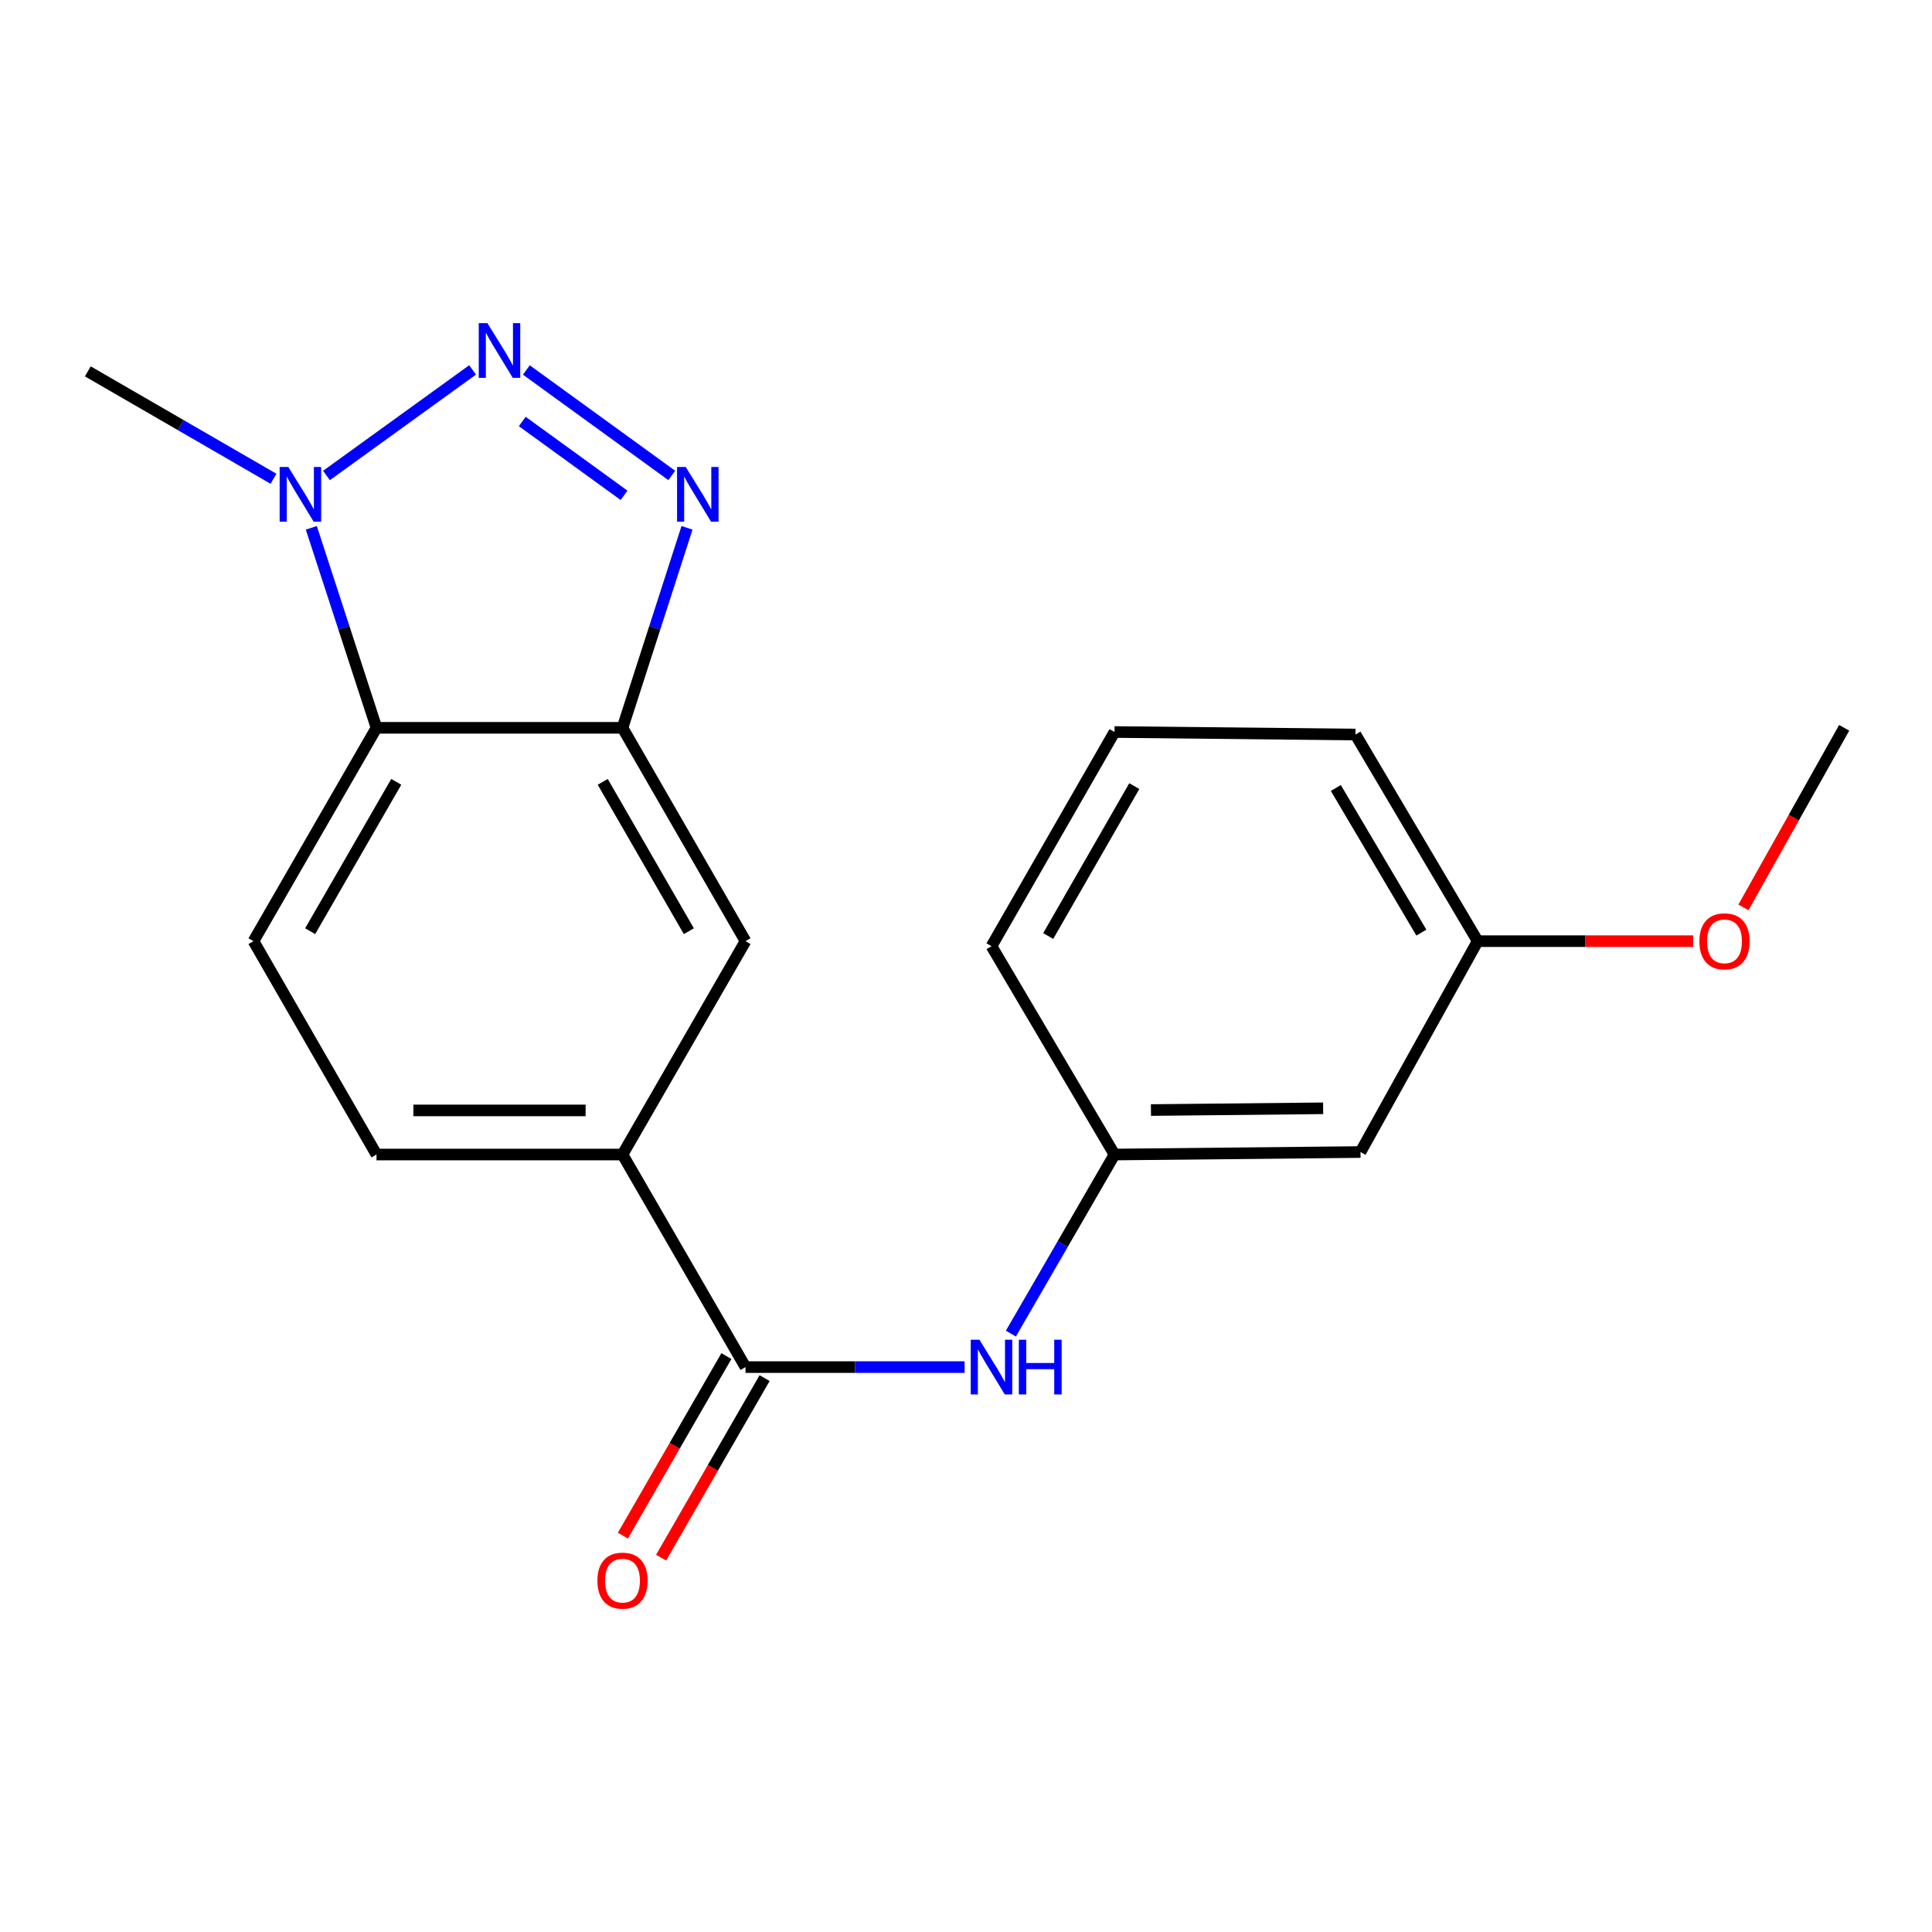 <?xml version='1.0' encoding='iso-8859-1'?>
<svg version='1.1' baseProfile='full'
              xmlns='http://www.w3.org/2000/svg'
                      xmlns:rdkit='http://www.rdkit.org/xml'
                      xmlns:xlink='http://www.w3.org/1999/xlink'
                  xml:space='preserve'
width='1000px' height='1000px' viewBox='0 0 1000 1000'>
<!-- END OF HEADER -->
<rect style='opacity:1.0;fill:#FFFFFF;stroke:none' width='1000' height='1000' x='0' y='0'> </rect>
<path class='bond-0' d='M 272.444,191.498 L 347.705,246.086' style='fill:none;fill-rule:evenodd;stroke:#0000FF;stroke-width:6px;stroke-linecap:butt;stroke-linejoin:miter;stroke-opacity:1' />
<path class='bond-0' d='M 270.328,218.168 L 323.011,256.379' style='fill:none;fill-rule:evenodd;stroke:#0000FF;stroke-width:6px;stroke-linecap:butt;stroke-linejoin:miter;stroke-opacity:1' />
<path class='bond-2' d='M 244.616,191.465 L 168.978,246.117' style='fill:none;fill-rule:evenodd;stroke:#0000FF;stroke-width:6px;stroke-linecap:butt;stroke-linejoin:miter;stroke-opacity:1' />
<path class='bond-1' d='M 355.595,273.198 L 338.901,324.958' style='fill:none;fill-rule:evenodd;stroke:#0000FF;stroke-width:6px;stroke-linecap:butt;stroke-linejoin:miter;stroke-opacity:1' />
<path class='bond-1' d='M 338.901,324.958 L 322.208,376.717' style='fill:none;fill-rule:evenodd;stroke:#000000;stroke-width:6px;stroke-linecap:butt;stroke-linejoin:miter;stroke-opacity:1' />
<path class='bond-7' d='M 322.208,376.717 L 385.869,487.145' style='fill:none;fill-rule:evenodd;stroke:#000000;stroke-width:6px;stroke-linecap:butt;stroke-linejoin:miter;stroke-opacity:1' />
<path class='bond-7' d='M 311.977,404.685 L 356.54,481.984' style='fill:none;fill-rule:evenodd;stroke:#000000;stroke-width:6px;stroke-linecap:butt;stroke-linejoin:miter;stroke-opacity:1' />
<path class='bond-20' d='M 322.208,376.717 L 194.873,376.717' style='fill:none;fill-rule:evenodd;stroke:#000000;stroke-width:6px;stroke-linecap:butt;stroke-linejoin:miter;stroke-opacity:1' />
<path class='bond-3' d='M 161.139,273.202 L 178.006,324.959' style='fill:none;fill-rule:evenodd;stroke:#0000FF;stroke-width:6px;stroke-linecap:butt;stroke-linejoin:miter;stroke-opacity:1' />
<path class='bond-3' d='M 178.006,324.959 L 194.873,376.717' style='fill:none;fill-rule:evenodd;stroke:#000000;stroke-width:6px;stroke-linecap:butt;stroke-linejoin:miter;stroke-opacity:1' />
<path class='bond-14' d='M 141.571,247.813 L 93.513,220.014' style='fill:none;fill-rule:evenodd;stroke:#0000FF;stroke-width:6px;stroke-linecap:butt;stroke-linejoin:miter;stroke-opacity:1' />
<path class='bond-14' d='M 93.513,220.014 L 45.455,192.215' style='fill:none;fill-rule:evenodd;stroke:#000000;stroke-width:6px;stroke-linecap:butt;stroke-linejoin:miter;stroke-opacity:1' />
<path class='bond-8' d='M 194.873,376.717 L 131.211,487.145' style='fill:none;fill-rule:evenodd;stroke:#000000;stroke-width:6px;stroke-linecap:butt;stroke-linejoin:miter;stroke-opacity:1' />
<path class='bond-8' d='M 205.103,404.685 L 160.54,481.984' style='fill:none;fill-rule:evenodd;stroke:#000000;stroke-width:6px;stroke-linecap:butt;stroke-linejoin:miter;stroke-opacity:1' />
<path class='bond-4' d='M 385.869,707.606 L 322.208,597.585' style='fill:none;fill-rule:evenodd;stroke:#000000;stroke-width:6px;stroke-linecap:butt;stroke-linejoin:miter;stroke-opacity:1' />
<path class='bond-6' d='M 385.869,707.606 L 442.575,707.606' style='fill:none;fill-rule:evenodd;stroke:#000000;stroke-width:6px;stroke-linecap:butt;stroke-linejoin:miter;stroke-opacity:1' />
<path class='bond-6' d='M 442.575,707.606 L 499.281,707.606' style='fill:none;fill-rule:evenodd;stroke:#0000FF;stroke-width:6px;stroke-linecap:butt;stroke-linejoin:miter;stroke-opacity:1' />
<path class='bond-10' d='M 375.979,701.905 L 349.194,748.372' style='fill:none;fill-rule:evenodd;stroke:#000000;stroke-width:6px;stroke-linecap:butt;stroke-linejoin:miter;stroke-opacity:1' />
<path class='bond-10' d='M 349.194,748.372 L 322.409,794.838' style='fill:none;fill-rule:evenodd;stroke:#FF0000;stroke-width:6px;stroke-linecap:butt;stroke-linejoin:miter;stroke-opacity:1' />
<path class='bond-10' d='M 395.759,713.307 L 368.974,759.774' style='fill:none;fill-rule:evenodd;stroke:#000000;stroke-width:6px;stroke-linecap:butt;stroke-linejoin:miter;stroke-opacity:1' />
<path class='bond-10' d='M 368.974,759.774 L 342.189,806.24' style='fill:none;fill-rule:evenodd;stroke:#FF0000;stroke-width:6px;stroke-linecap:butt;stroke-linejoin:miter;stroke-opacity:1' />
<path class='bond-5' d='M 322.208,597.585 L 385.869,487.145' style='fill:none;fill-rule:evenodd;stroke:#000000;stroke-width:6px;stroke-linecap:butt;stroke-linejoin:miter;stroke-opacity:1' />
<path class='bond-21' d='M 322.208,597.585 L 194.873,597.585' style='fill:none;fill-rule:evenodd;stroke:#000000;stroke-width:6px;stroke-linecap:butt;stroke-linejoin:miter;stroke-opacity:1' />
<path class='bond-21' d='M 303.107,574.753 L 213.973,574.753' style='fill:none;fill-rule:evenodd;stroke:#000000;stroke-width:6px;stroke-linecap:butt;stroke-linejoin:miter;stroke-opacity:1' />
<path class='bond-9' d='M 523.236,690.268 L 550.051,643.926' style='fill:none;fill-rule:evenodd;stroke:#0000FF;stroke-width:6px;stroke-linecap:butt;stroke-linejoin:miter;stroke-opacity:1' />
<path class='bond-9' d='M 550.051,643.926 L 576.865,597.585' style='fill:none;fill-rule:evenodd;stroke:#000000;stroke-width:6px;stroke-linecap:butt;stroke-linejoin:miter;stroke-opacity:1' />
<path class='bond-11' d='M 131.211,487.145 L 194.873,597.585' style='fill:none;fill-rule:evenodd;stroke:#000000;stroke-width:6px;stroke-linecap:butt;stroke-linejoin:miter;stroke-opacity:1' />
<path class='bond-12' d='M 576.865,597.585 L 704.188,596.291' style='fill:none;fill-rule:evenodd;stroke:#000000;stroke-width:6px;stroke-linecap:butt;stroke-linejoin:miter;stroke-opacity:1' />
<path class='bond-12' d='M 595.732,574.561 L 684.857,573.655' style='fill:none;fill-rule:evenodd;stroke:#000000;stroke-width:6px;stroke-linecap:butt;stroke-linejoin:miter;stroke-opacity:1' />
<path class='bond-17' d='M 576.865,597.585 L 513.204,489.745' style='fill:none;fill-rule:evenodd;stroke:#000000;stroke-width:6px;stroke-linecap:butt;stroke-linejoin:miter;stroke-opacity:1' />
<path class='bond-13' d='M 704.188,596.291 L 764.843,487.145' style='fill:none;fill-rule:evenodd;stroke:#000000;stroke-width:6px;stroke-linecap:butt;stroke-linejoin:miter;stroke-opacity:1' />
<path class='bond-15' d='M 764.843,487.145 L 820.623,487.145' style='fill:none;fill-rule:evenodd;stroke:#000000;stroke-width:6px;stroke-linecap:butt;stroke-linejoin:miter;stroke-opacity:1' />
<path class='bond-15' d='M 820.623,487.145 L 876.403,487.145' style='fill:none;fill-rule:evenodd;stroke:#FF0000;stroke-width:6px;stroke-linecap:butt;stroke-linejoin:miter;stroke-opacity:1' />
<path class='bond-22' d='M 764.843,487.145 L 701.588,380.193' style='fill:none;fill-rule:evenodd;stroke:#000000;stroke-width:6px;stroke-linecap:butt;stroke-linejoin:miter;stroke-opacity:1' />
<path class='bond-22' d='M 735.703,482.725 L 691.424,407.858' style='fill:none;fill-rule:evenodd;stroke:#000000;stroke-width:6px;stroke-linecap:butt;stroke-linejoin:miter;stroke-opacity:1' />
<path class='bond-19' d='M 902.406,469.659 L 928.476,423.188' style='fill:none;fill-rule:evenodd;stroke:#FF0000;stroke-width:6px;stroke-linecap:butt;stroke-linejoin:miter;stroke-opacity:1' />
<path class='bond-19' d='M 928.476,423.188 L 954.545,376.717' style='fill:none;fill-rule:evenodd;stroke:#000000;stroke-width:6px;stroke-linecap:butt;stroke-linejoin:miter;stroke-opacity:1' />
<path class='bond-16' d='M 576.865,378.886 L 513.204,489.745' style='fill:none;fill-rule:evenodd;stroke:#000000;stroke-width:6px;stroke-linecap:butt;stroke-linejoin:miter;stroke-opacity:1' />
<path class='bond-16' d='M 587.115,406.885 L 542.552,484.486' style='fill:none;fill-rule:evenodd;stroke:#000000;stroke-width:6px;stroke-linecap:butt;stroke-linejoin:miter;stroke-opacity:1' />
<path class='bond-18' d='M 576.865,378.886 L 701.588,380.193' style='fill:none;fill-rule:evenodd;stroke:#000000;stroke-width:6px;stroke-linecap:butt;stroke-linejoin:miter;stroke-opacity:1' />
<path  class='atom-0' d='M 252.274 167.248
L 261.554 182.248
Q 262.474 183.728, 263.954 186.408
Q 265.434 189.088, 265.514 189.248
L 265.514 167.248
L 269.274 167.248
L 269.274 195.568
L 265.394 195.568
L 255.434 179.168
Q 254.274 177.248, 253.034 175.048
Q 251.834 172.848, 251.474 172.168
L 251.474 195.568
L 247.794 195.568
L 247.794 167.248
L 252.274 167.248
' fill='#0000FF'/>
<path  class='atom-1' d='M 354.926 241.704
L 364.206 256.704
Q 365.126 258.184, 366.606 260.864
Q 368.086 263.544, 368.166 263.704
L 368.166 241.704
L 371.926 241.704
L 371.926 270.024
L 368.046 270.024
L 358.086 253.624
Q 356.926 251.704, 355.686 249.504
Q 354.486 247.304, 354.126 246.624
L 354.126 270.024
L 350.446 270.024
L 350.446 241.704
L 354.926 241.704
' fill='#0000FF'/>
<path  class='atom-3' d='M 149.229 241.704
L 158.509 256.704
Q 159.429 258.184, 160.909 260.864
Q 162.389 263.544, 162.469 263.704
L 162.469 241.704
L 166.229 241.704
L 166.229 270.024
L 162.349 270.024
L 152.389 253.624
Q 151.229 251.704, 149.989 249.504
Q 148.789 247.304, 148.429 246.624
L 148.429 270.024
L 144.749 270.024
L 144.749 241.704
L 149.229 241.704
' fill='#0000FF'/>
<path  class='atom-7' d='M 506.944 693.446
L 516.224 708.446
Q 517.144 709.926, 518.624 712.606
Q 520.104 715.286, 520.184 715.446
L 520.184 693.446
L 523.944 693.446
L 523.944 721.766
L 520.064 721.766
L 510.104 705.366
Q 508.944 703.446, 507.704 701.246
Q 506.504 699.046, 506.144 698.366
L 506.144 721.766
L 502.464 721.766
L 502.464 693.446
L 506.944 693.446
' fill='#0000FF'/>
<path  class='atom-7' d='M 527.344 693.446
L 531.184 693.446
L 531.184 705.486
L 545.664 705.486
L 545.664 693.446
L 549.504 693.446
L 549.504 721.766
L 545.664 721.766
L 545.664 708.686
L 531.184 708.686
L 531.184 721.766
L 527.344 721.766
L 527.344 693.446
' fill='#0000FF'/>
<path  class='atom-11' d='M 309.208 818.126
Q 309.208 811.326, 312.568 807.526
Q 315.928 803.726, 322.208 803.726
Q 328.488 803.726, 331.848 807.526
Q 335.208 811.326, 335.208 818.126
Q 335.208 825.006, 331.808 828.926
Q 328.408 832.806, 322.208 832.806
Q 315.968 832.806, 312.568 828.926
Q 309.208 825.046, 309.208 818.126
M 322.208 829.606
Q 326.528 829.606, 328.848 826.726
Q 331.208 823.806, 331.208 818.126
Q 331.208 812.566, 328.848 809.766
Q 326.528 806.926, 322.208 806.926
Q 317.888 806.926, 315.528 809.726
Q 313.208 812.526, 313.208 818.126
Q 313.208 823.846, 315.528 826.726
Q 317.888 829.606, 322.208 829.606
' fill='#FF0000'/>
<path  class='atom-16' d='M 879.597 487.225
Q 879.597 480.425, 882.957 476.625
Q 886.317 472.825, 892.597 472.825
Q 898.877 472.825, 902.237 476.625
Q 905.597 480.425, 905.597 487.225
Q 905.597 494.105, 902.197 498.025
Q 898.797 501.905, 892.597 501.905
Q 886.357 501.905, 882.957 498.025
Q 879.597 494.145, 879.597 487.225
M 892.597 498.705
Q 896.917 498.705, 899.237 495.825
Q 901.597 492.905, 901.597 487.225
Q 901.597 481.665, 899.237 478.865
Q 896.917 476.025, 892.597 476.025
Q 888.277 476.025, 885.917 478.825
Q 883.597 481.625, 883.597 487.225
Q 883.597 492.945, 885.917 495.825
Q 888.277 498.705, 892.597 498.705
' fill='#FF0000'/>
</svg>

- - - - - - -

WHAT IS REQUIRED >>
Wherever the word "atom" turns up in the material, copy the whole line.

EXERCISE OUTPUT >>
<path  class='atom-0' d='M 252.274 167.248
<path  class='atom-1' d='M 354.926 241.704
<path  class='atom-3' d='M 149.229 241.704
<path  class='atom-7' d='M 506.944 693.446
<path  class='atom-7' d='M 527.344 693.446
<path  class='atom-11' d='M 309.208 818.126
<path  class='atom-16' d='M 879.597 487.225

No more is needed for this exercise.